In 2012, the ICTV proposed the following new definition of virus species: A virus species is a monophyletic group of viruses whose properties can be distinguished from those of other species by multiple criteria [32]. This definition rejected the traditional view that a biological classification consists of hierarchical constructs of abstract classes that have concrete objects as their members and accepted that viruses do constitute a lineage that must have inherited shared nucleic acid properties from a common ancestor such as nucleotide combination motifs. The viruses were thus linked to the species group by a part-whole relation in the way that limbs are part of a body. Properties and classes were no longer viewed as related abstract entities, and it was no longer accepted that whatever is said about a thing logically ascribes a property to it [33]. Characters and traits are often used in the sense of both property and part, although nucleotide combination motifs in a viral sequence are parts of a virus and not a property of it [5, 34, 35]. Many objections to the new definition of virus species were posted on the ICTV website, and the ICTV responded with a 4-page, polemical document that tried to defend the new definition [5, 36]. The full ICTV online discussion of 2012 is accessible [36].
Many virologists posted comments on the website that were in favor of the previous definition of virus species as a polythetic class, and a group of 14 senior virologists pointed out many defects of the new species definition, for instance that it applied equally to genera and did not provide any guidelines for establishing new species [37]. The ICTV Executive Committee nevertheless had their new species definition ratified by a fast-track approval process that considerably reduced the time available for posting further objections on the ICTV website [3].
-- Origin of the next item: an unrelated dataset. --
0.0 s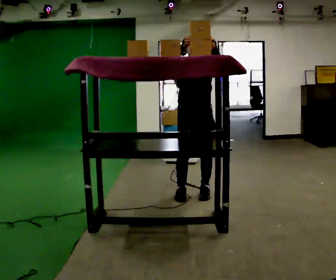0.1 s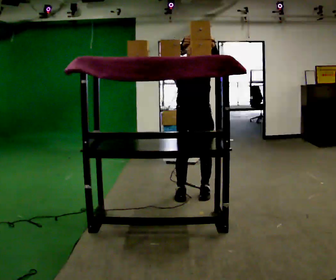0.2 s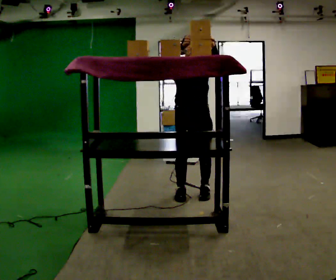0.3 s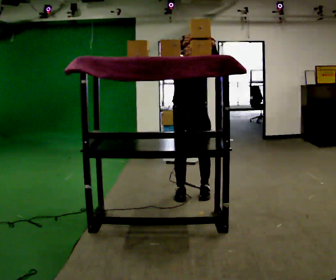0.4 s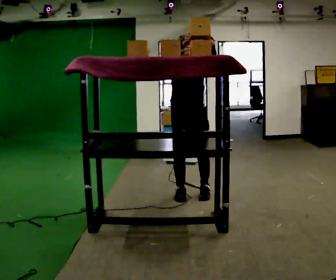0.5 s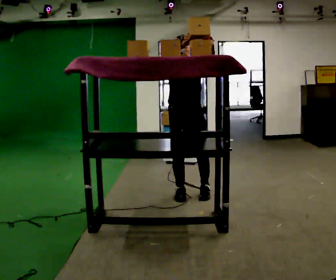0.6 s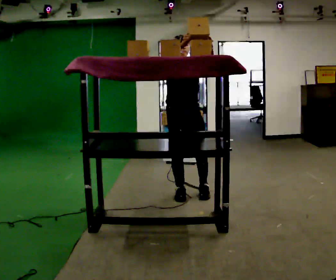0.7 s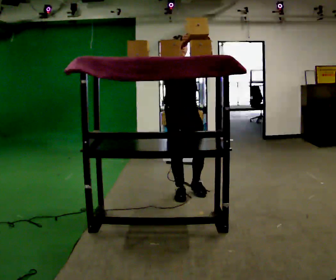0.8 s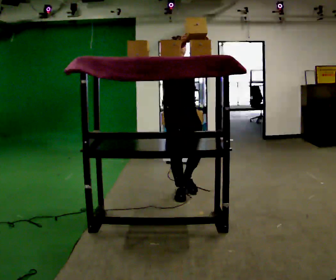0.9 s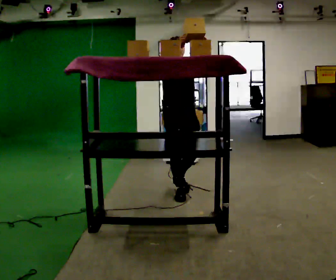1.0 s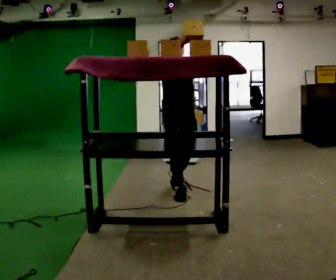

Classification of viral genomes
As more sequences of viral genomes became available, increasing attempts were made to establish new virus species only by considering a part of the genome sequence, and it was overlooked that this produced a phenotypic classification of viral genomes based on molecular sequences rather than a classification of virus species based on the defining relational properties of its members. It is of course possible to classify viral nucleotide sequences on the basis of characteristics such as genome compositional features and organization, gene content, particular nucleotide motifs, and inferred replication strategies, although this would produce a classification of nucleotide sequences or of viral genomes but not a classification of viruses [38].
A reply to the consultation of Siddell et al. [39]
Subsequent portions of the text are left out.